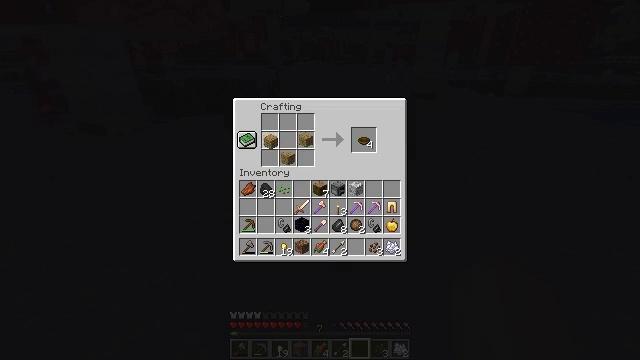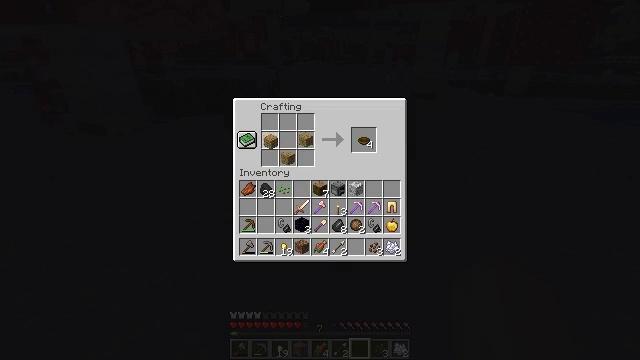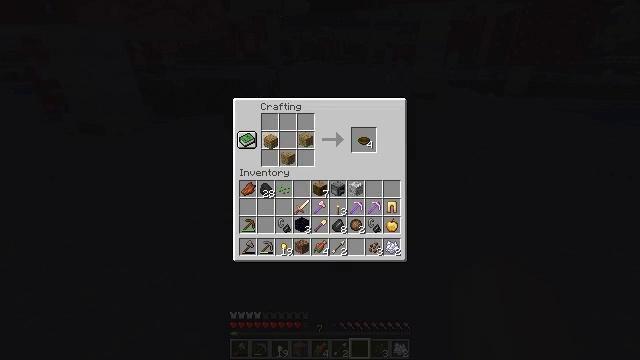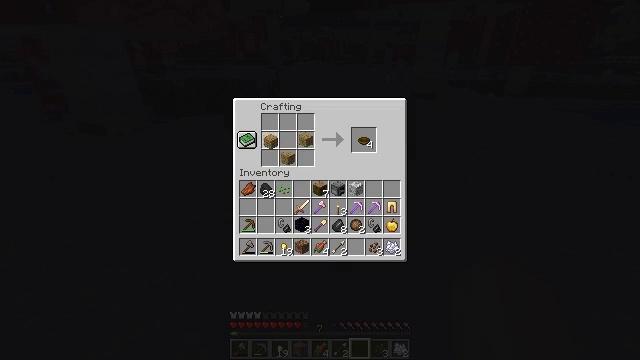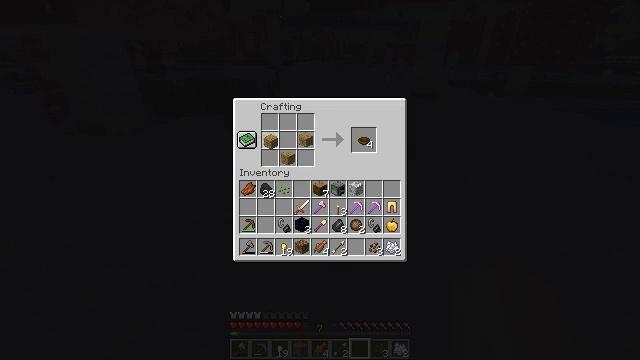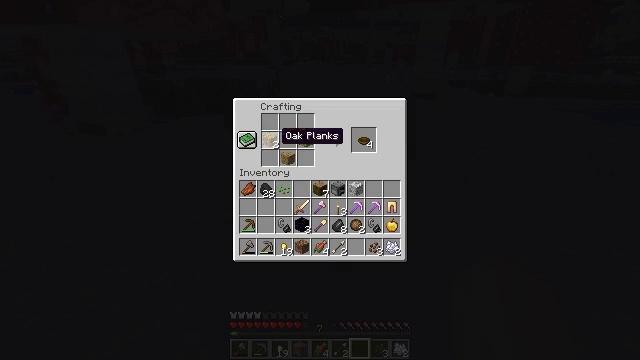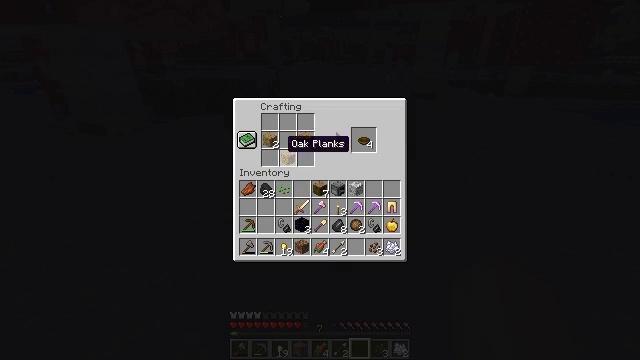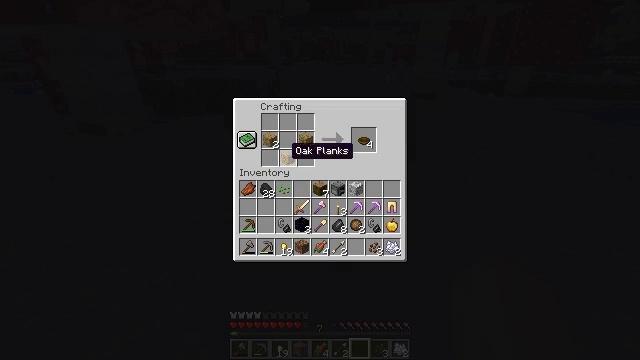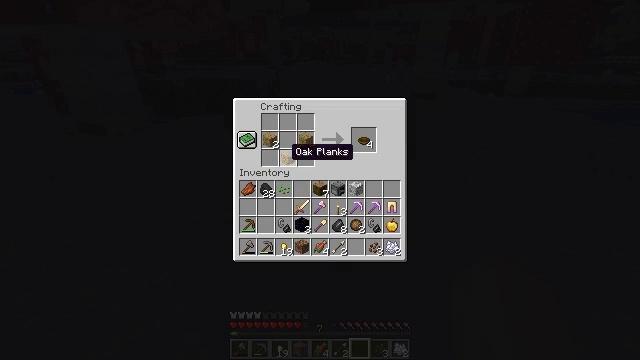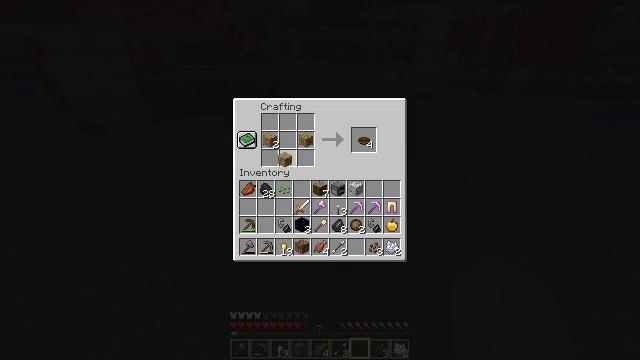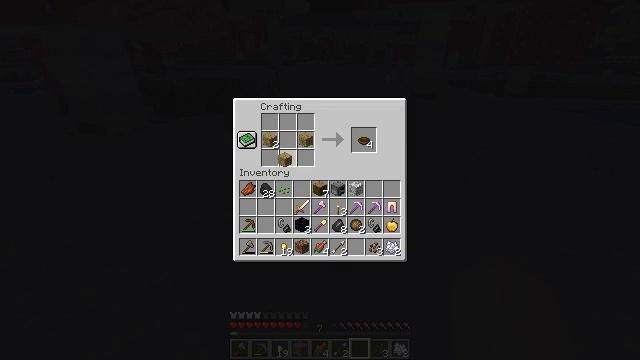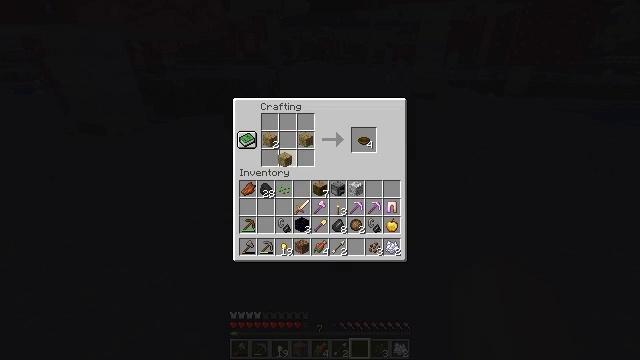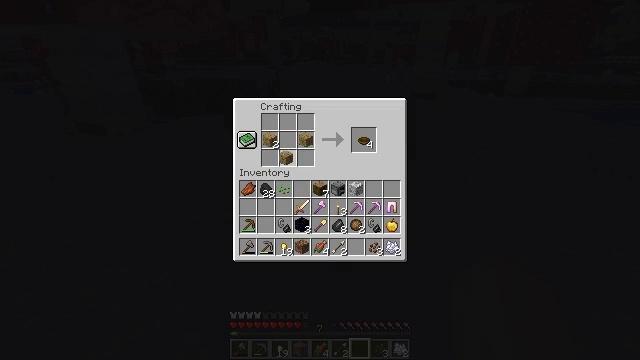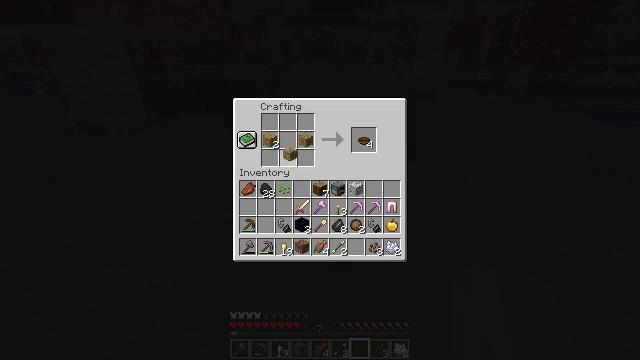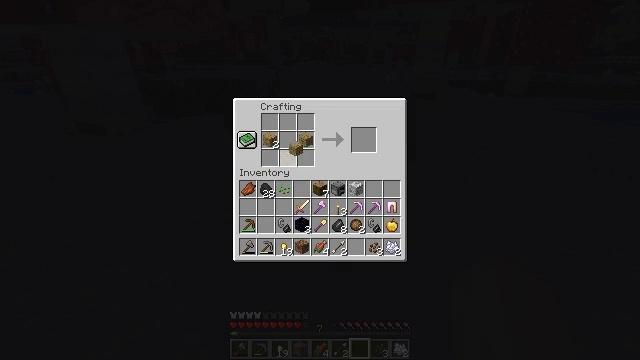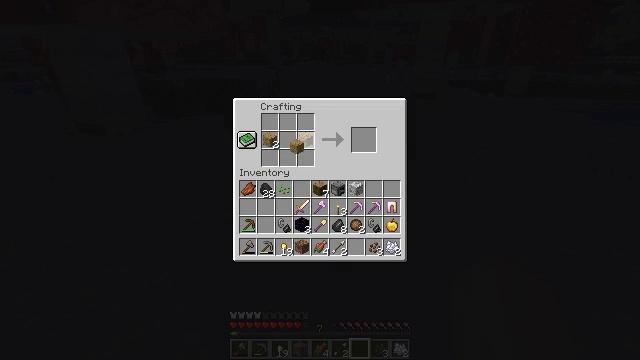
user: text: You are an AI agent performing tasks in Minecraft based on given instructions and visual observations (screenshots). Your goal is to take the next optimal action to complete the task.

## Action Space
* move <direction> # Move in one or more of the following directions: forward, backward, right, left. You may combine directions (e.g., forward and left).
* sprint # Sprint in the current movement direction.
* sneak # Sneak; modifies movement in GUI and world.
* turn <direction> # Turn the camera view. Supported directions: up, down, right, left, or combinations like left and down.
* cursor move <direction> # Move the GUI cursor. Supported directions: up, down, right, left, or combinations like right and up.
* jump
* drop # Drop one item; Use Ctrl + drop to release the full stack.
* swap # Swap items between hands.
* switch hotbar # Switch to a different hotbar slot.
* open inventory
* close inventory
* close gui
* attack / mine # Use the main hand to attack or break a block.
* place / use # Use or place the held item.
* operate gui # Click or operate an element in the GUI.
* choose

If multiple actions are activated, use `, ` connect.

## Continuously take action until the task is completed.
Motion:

==*==

Task to carry out. Before you print the records, please set aside any pictures and keep everything else exact.

Task response.
user: text: You are an AI agent performing tasks in Minecraft based on given instructions and visual observations (screenshots). Your goal is to take the next optimal action to complete the task.

## Action Space
* move <direction> # Move in one or more of the following directions: forward, backward, right, left. You may combine directions (e.g., forward and left).
* sprint # Sprint in the current movement direction.
* sneak # Sneak; modifies movement in GUI and world.
* turn <direction> # Turn the camera view. Supported directions: up, down, right, left, or combinations like left and down.
* cursor move <direction> # Move the GUI cursor. Supported directions: up, down, right, left, or combinations like right and up.
* jump
* drop # Drop one item; Use Ctrl + drop to release the full stack.
* swap # Swap items between hands.
* switch hotbar # Switch to a different hotbar slot.
* open inventory
* close inventory
* close gui
* attack / mine # Use the main hand to attack or break a block.
* place / use # Use or place the held item.
* operate gui # Click or operate an element in the GUI.
* choose

If multiple actions are activated, use `, ` connect.

## Continuously take action until the task is completed.
Motion:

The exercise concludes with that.